Philip Johnson's Glass House at dusk
Philip Johnson’s Glass House. Look at this beauty! Image Credit: James Vaughan

As a Chicagoan, I have to talk about Mies Van der Rohe. “Less is more” describes Modernist Architecture as well as can be done in brief. Modernism in Architecture is just enough to be what it needs to be, and no more. Mies’ work can take us through my whole point here too.

Mies’ Crown Hall from 1956 on the IIT campus on Chicago’s south side is a sublime and perfect example of Modernist Architecture. It is black steel and glass. It boldly shows what steel can be as its two huge structural beams on the roof span the open floor and bear all the load to the edges to create an uninterrupted space beneath. It’s epic and iconically done.

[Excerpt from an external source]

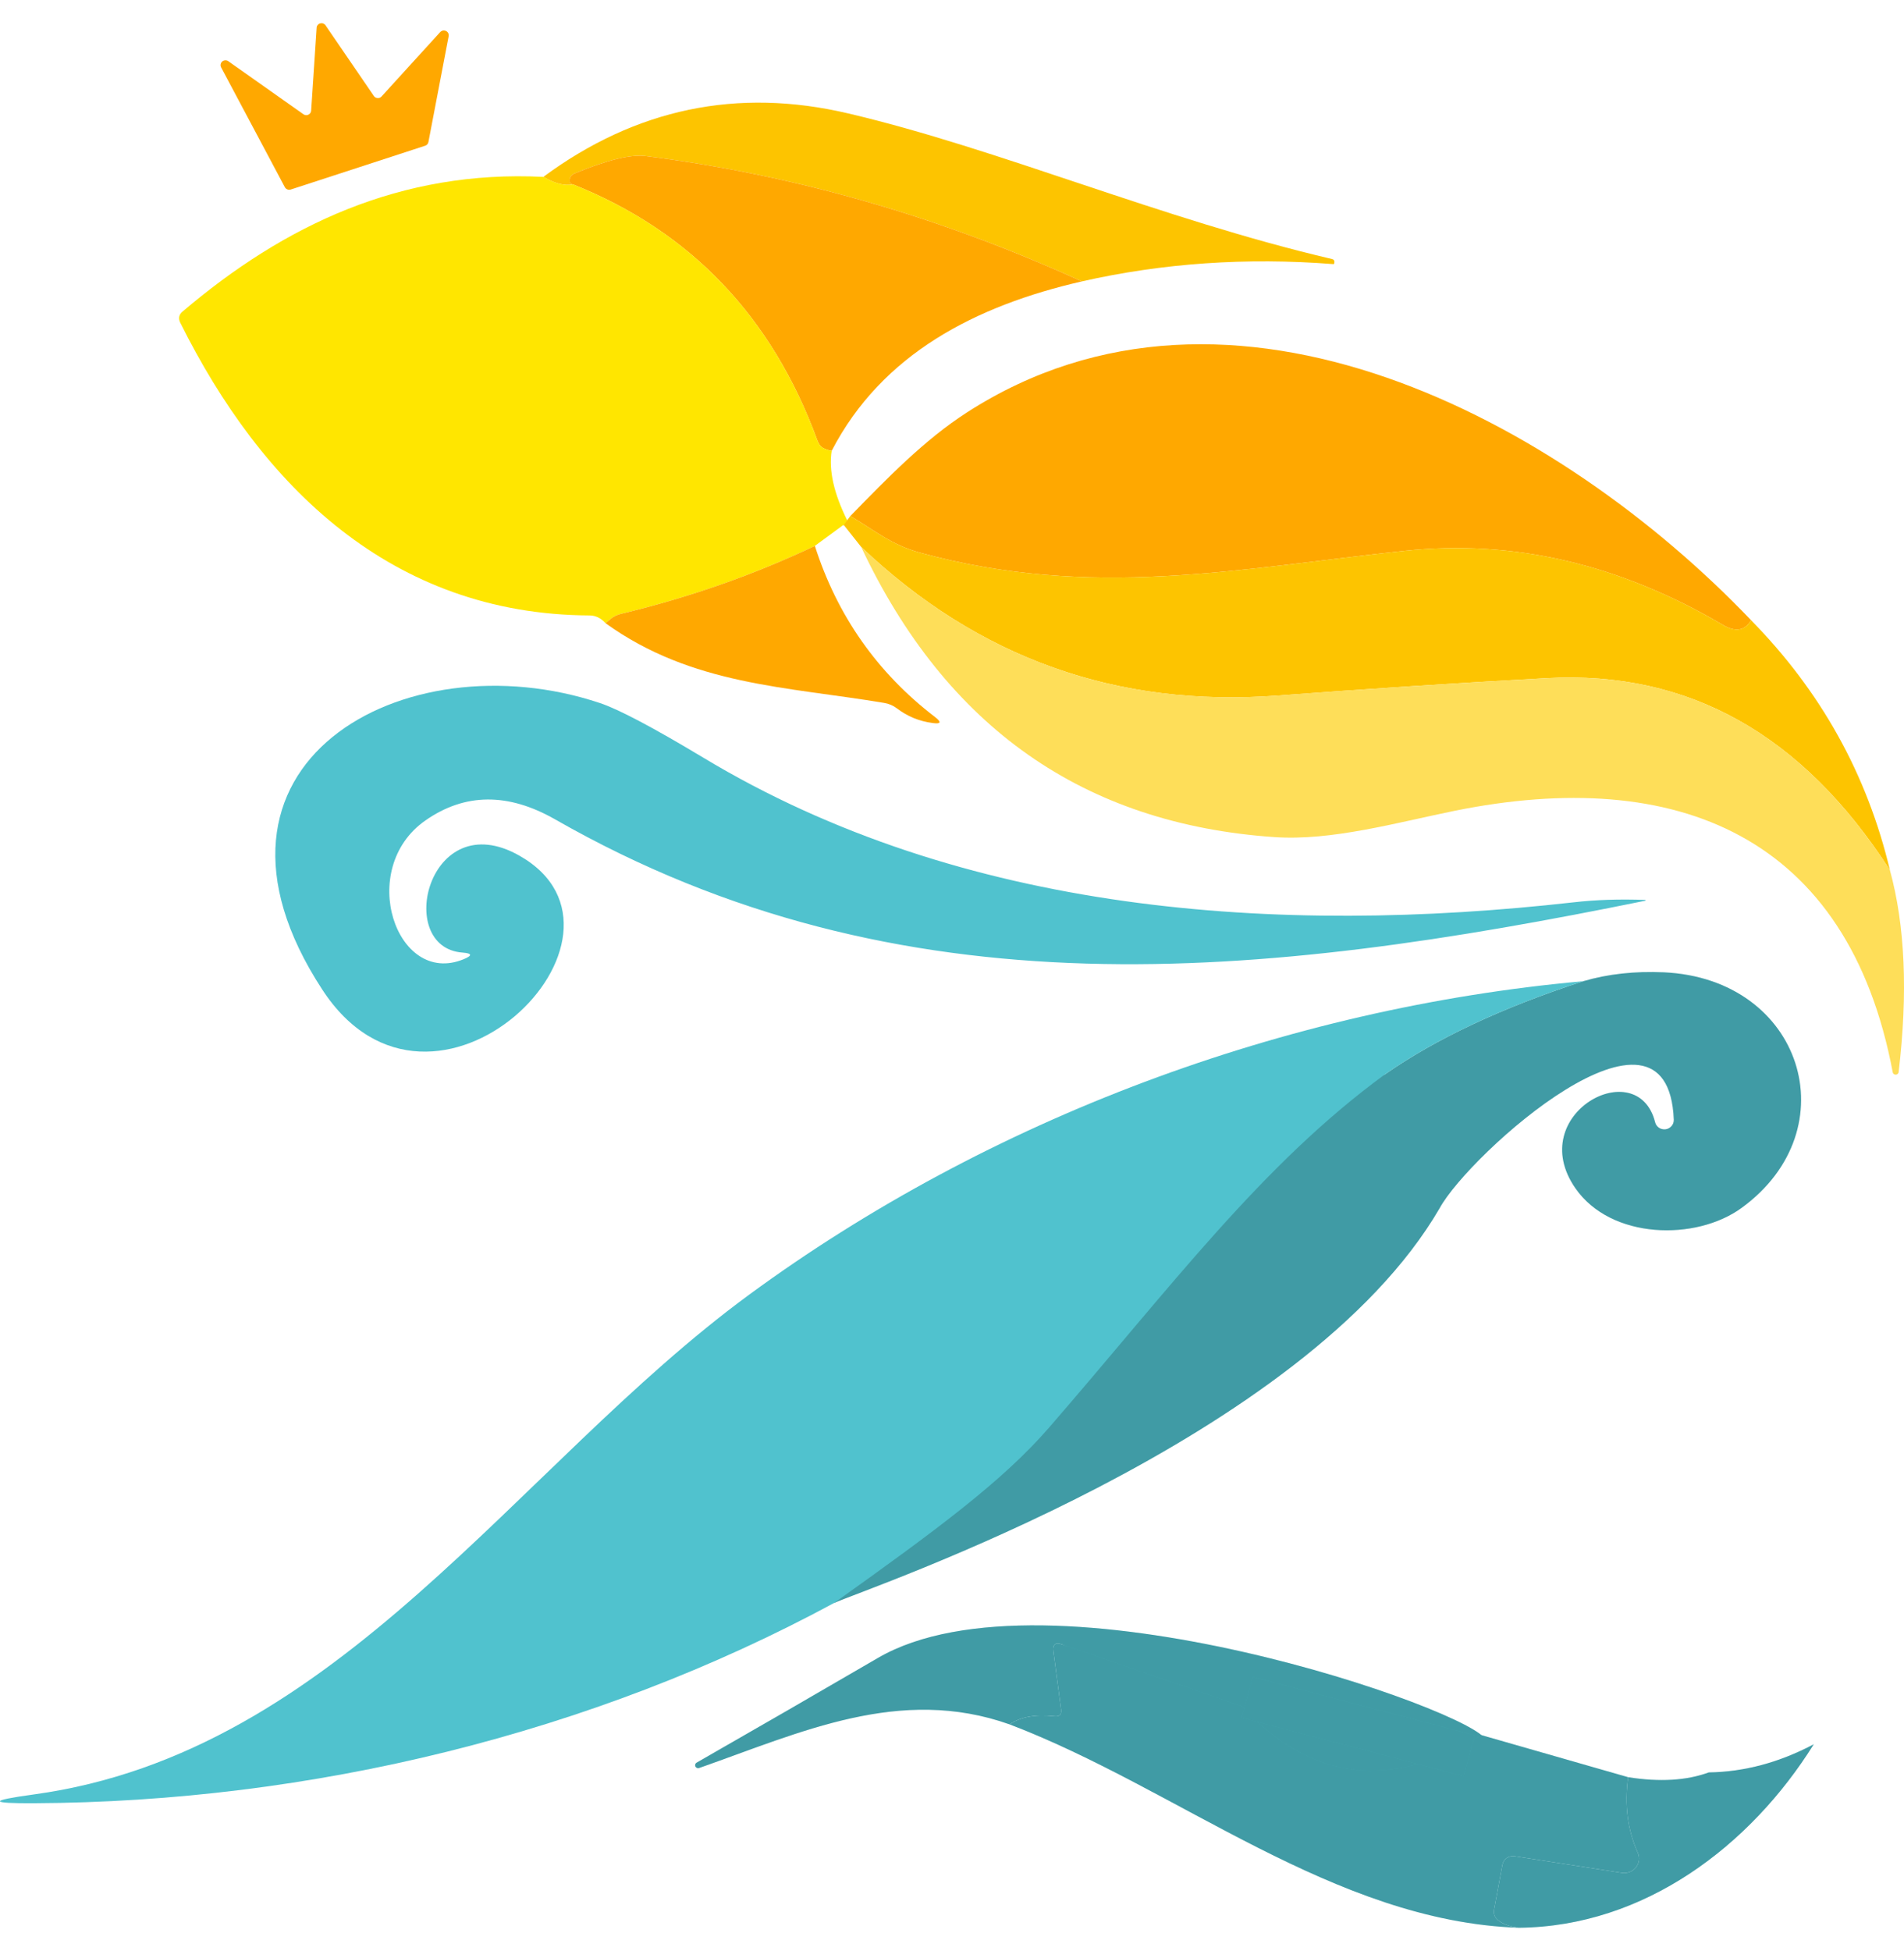 <svg xmlns="http://www.w3.org/2000/svg" width="41" height="42" viewBox="0 0 41 42" fill="none"><path d="M8.216 2.077L9.478 0.692C9.494 0.675 9.514 0.663 9.537 0.658C9.56 0.654 9.583 0.657 9.604 0.667C9.625 0.677 9.642 0.693 9.652 0.714C9.662 0.734 9.665 0.757 9.661 0.78L9.225 3.06C9.221 3.078 9.213 3.095 9.2 3.109C9.188 3.122 9.171 3.133 9.153 3.138L6.258 4.081C6.234 4.088 6.209 4.087 6.186 4.077C6.164 4.068 6.145 4.051 6.134 4.03L4.763 1.453C4.751 1.432 4.747 1.408 4.751 1.385C4.755 1.361 4.767 1.34 4.785 1.324C4.803 1.309 4.826 1.3 4.851 1.299C4.875 1.298 4.899 1.305 4.918 1.319L6.533 2.459C6.548 2.47 6.566 2.477 6.585 2.479C6.603 2.481 6.622 2.477 6.639 2.47C6.656 2.462 6.671 2.45 6.682 2.435C6.692 2.42 6.699 2.402 6.7 2.384L6.818 0.601C6.818 0.579 6.826 0.557 6.84 0.54C6.854 0.522 6.873 0.509 6.895 0.504C6.917 0.498 6.941 0.499 6.962 0.507C6.983 0.516 7.001 0.53 7.012 0.549L8.052 2.068C8.061 2.081 8.073 2.091 8.087 2.099C8.101 2.106 8.116 2.11 8.132 2.111C8.148 2.112 8.163 2.11 8.178 2.104C8.192 2.098 8.205 2.089 8.216 2.077Z" fill="#FFA800"></path><path d="M23.296 6.058C20.237 4.665 17.107 3.766 13.906 3.36C13.582 3.319 13.069 3.445 12.368 3.736C12.302 3.764 12.268 3.814 12.266 3.887C12.266 3.938 12.29 3.965 12.337 3.969C12.166 4.007 11.953 3.954 11.7 3.808C13.692 2.337 15.88 1.881 18.262 2.441C21.507 3.202 25.013 4.718 28.682 5.576C28.717 5.584 28.735 5.604 28.735 5.637C28.735 5.647 28.734 5.656 28.732 5.664C28.732 5.68 28.722 5.687 28.704 5.685C26.841 5.54 25.038 5.664 23.296 6.058Z" fill="#FDC400"></path><path d="M23.296 6.058C21.015 6.582 18.995 7.613 17.909 9.705C17.831 9.691 17.766 9.669 17.714 9.638C17.667 9.61 17.629 9.557 17.6 9.478C16.622 6.814 14.868 4.978 12.337 3.969C12.29 3.965 12.266 3.938 12.266 3.887C12.268 3.814 12.302 3.764 12.368 3.736C13.069 3.445 13.582 3.319 13.906 3.36C17.107 3.766 20.237 4.665 23.296 6.058Z" fill="#FFA800"></path><path d="M11.7 3.808C11.953 3.954 12.166 4.007 12.337 3.969C14.868 4.978 16.622 6.814 17.6 9.478C17.629 9.557 17.667 9.61 17.714 9.638C17.766 9.669 17.831 9.691 17.909 9.705C17.843 10.126 17.957 10.629 18.25 11.215C18.262 11.197 18.274 11.178 18.287 11.157C18.171 11.309 18.131 11.355 18.166 11.297L17.547 11.752C16.231 12.376 14.838 12.864 13.367 13.216C13.285 13.236 13.212 13.272 13.148 13.325L13.039 13.416C12.953 13.319 12.838 13.249 12.696 13.249C8.426 13.228 5.633 10.463 3.881 6.946C3.836 6.853 3.853 6.773 3.931 6.707C6.121 4.845 8.631 3.654 11.7 3.808Z" fill="#FFE600"></path><path d="M37.707 13.352C37.573 13.579 37.372 13.613 37.104 13.455C34.874 12.142 32.589 11.609 30.248 11.858C26.643 12.243 23.521 12.913 19.809 11.897C19.184 11.724 18.85 11.427 18.311 11.109C18.299 11.129 18.324 11.091 18.311 11.109C19.11 10.29 19.905 9.469 20.824 8.877C26.507 5.218 33.598 9.047 37.707 13.352Z" fill="#FFA800"></path><path d="M37.707 13.352C39.211 14.882 40.207 16.675 40.696 18.73C38.817 15.812 36.358 14.434 33.32 14.598C31.383 14.703 29.448 14.829 27.516 14.974C24.055 15.235 21.064 14.168 18.543 11.773L18.166 11.297C18.131 11.355 18.196 11.26 18.311 11.109C18.85 11.427 19.184 11.724 19.809 11.897C23.521 12.913 26.643 12.243 30.248 11.858C32.589 11.609 34.874 12.142 37.104 13.455C37.372 13.613 37.573 13.579 37.707 13.352Z" fill="#FDC400"></path><path d="M17.547 11.752C18.028 13.255 18.891 14.484 20.137 15.438C20.279 15.547 20.262 15.59 20.084 15.565C19.795 15.527 19.539 15.422 19.314 15.25C19.233 15.188 19.138 15.148 19.038 15.132C16.944 14.78 14.902 14.756 13.039 13.416L13.148 13.325C13.212 13.272 13.285 13.236 13.367 13.216C14.838 12.864 16.231 12.376 17.547 11.752Z" fill="#FFA800"></path><path d="M18.543 11.773C21.064 14.168 24.055 15.235 27.516 14.974C29.448 14.829 31.383 14.703 33.32 14.598C36.358 14.434 38.817 15.812 40.696 18.73C41.024 19.925 41.087 21.376 40.884 23.084C40.882 23.098 40.874 23.111 40.862 23.12C40.851 23.13 40.837 23.135 40.822 23.135C40.807 23.136 40.793 23.131 40.781 23.122C40.769 23.114 40.761 23.101 40.758 23.087C39.798 17.988 36.107 16.487 31.327 17.454C30.074 17.709 28.673 18.106 27.445 18.021C23.338 17.74 20.371 15.657 18.543 11.773Z" fill="#FEDE59"></path><path d="M9.961 20.507C8.482 20.401 9.222 17.306 11.186 18.421C14.197 20.131 9.324 24.964 6.938 21.301C3.767 16.442 8.702 13.725 12.919 15.135C13.323 15.27 14.063 15.661 15.14 16.308C20.725 19.673 27.509 20.143 33.883 19.425C34.361 19.37 34.876 19.353 35.427 19.373C35.429 19.373 35.432 19.374 35.433 19.376C35.435 19.378 35.436 19.38 35.436 19.382C35.436 19.385 35.435 19.387 35.433 19.389C35.432 19.39 35.429 19.391 35.427 19.391C27.172 21.071 19.416 21.902 11.953 17.639C10.941 17.061 10.009 17.069 9.16 17.663C7.671 18.703 8.532 21.247 9.983 20.65C10.177 20.571 10.169 20.523 9.961 20.507Z" fill="#50C2CE"></path><path d="M31.001 26.009C28.094 31.008 18.723 34.17 17.962 34.508C18.084 33.734 26.181 24.562 29.821 23.13C30.927 22.358 32.351 21.689 34.094 21.123C34.624 20.967 35.202 20.904 35.83 20.932C38.809 21.069 39.833 24.303 37.506 26.001C36.523 26.72 34.691 26.686 33.924 25.58C32.816 23.982 35.266 22.666 35.641 24.161C35.653 24.209 35.683 24.25 35.724 24.278C35.766 24.306 35.817 24.317 35.867 24.311C35.917 24.304 35.962 24.279 35.995 24.241C36.027 24.204 36.044 24.156 36.043 24.106C35.922 20.999 31.63 24.851 31.001 26.009Z" fill="#50C2CE"></path><path d="M31.001 26.009C28.094 31.008 18.723 34.17 17.962 34.508C18.084 33.734 26.181 24.562 29.821 23.13C30.927 22.358 32.351 21.689 34.094 21.123C34.624 20.967 35.202 20.904 35.83 20.932C38.809 21.069 39.833 24.303 37.506 26.001C36.523 26.72 34.691 26.686 33.924 25.58C32.816 23.982 35.266 22.666 35.641 24.161C35.653 24.209 35.683 24.25 35.724 24.278C35.766 24.306 35.817 24.317 35.867 24.311C35.917 24.304 35.962 24.279 35.995 24.241C36.027 24.204 36.044 24.156 36.043 24.106C35.922 20.999 31.63 24.851 31.001 26.009Z" fill="black" fill-opacity="0.2"></path><path d="M34.094 21.123C32.351 21.689 30.927 22.358 29.821 23.13C27.17 25.067 25.214 27.708 22.581 30.743C21.574 31.901 20.134 32.958 17.962 34.508C12.737 37.331 6.681 38.792 0.735 38.819C-0.241 38.825 -0.245 38.763 0.722 38.631C7.309 37.734 11.105 31.564 16.127 27.875C21.288 24.088 27.674 21.699 34.094 21.123Z" fill="#50C2CE"></path><path d="M31.994 37.465C32.149 38.071 28.346 37.224 27.288 36.288C27.288 36.288 29.105 36.75 29.055 36.728C29.005 36.707 30.446 37.344 30.922 37.616C31.397 37.888 33.696 37.01 30.292 38.981L22.87 35.4C22.728 35.35 22.666 35.398 22.684 35.546L22.849 36.801C22.863 36.912 22.813 36.961 22.7 36.946C22.292 36.902 21.972 36.961 21.741 37.122C19.38 36.285 17.248 37.292 15.052 38.062C15.037 38.066 15.021 38.065 15.006 38.059C14.992 38.052 14.98 38.041 14.974 38.027C14.968 38.013 14.967 37.997 14.971 37.982C14.976 37.968 14.986 37.955 14.999 37.947C16.303 37.201 17.603 36.45 18.901 35.694C22.533 33.575 31.839 36.858 31.994 37.465Z" fill="#50C2CE"></path><path d="M31.994 37.465C32.149 38.071 28.346 37.224 27.288 36.288C27.288 36.288 29.105 36.75 29.055 36.728C29.005 36.707 30.446 37.344 30.922 37.616C31.397 37.888 33.696 37.01 30.292 38.981L22.87 35.4C22.728 35.35 22.666 35.398 22.684 35.546L22.849 36.801C22.863 36.912 22.813 36.961 22.7 36.946C22.292 36.902 21.972 36.961 21.741 37.122C19.38 36.285 17.248 37.292 15.052 38.062C15.037 38.066 15.021 38.065 15.006 38.059C14.992 38.052 14.98 38.041 14.974 38.027C14.968 38.013 14.967 37.997 14.971 37.982C14.976 37.968 14.986 37.955 14.999 37.947C16.303 37.201 17.603 36.45 18.901 35.694C22.533 33.575 31.839 36.858 31.994 37.465Z" fill="black" fill-opacity="0.2"></path><path d="M26.738 36.728C28.244 38.365 29.992 38.528 31.901 37.353L35.06 38.259C34.977 38.849 35.047 39.391 35.267 39.884C35.29 39.936 35.299 39.992 35.292 40.048C35.285 40.104 35.262 40.157 35.227 40.201C35.192 40.245 35.145 40.28 35.092 40.3C35.038 40.321 34.98 40.327 34.924 40.318L32.616 39.96C32.556 39.951 32.495 39.965 32.446 39.999C32.397 40.033 32.363 40.084 32.353 40.142L32.173 41.109C32.157 41.202 32.186 41.279 32.26 41.339C32.357 41.418 32.505 41.472 32.703 41.5C28.718 41.361 25.37 38.505 21.741 37.122C21.972 36.961 22.292 36.902 22.7 36.946C22.813 36.961 22.863 36.912 22.849 36.801L22.684 35.546C22.666 35.398 22.728 35.35 22.87 35.4L26.738 36.728Z" fill="#50C2CE"></path><path d="M26.738 36.728C28.244 38.365 29.992 38.528 31.901 37.353L35.06 38.259C34.977 38.849 35.047 39.391 35.267 39.884C35.29 39.936 35.299 39.992 35.292 40.048C35.285 40.104 35.262 40.157 35.227 40.201C35.192 40.245 35.145 40.28 35.092 40.3C35.038 40.321 34.98 40.327 34.924 40.318L32.616 39.96C32.556 39.951 32.495 39.965 32.446 39.999C32.397 40.033 32.363 40.084 32.353 40.142L32.173 41.109C32.157 41.202 32.186 41.279 32.26 41.339C32.357 41.418 32.505 41.472 32.703 41.5C28.718 41.361 25.37 38.505 21.741 37.122C21.972 36.961 22.292 36.902 22.7 36.946C22.813 36.961 22.863 36.912 22.849 36.801L22.684 35.546C22.666 35.398 22.728 35.35 22.87 35.4L26.738 36.728Z" fill="black" fill-opacity="0.2"></path><path d="M39.057 37.55C37.693 39.736 35.41 41.476 32.703 41.5C32.505 41.472 32.357 41.418 32.26 41.339C32.186 41.279 32.157 41.202 32.173 41.109L32.353 40.142C32.363 40.084 32.397 40.033 32.446 39.999C32.495 39.965 32.556 39.951 32.616 39.96L34.924 40.318C34.98 40.327 35.038 40.321 35.092 40.3C35.145 40.28 35.192 40.245 35.227 40.201C35.262 40.157 35.285 40.104 35.292 40.048C35.299 39.992 35.29 39.936 35.267 39.884C35.047 39.391 34.977 38.849 35.06 38.259C35.739 38.366 36.317 38.332 36.796 38.156C37.563 38.144 38.317 37.942 39.057 37.55Z" fill="#50C2CE"></path><path d="M39.057 37.55C37.693 39.736 35.41 41.476 32.703 41.5C32.505 41.472 32.357 41.418 32.26 41.339C32.186 41.279 32.157 41.202 32.173 41.109L32.353 40.142C32.363 40.084 32.397 40.033 32.446 39.999C32.495 39.965 32.556 39.951 32.616 39.96L34.924 40.318C34.98 40.327 35.038 40.321 35.092 40.3C35.145 40.28 35.192 40.245 35.227 40.201C35.262 40.157 35.285 40.104 35.292 40.048C35.299 39.992 35.29 39.936 35.267 39.884C35.047 39.391 34.977 38.849 35.06 38.259C35.739 38.366 36.317 38.332 36.796 38.156C37.563 38.144 38.317 37.942 39.057 37.55Z" fill="black" fill-opacity="0.2"></path><path d="M26.975 36.1L31.756 37.356L31.516 38.234L26.734 36.979L26.975 36.1Z" fill="#50C2CE"></path><path d="M26.975 36.1L31.756 37.356L31.516 38.234L26.734 36.979L26.975 36.1Z" fill="black" fill-opacity="0.2"></path></svg>

Crown Hall Entrance. Image Credit: Daniel X. O’Neil

But wait, what’s that building next to Crown Hall? On this college campus there are many buildings of course. None reach the level of Crown Hall, but the one just to the left (to the West as I’m picturing Crown Hall’s entrace from the South if memory serves (there’s another entry from the north), it could be Galvin Library?) is a combination of brick and some steel. That’s okay, right? Brick might not be as distinctly modern as steel, but it still is an honorable material.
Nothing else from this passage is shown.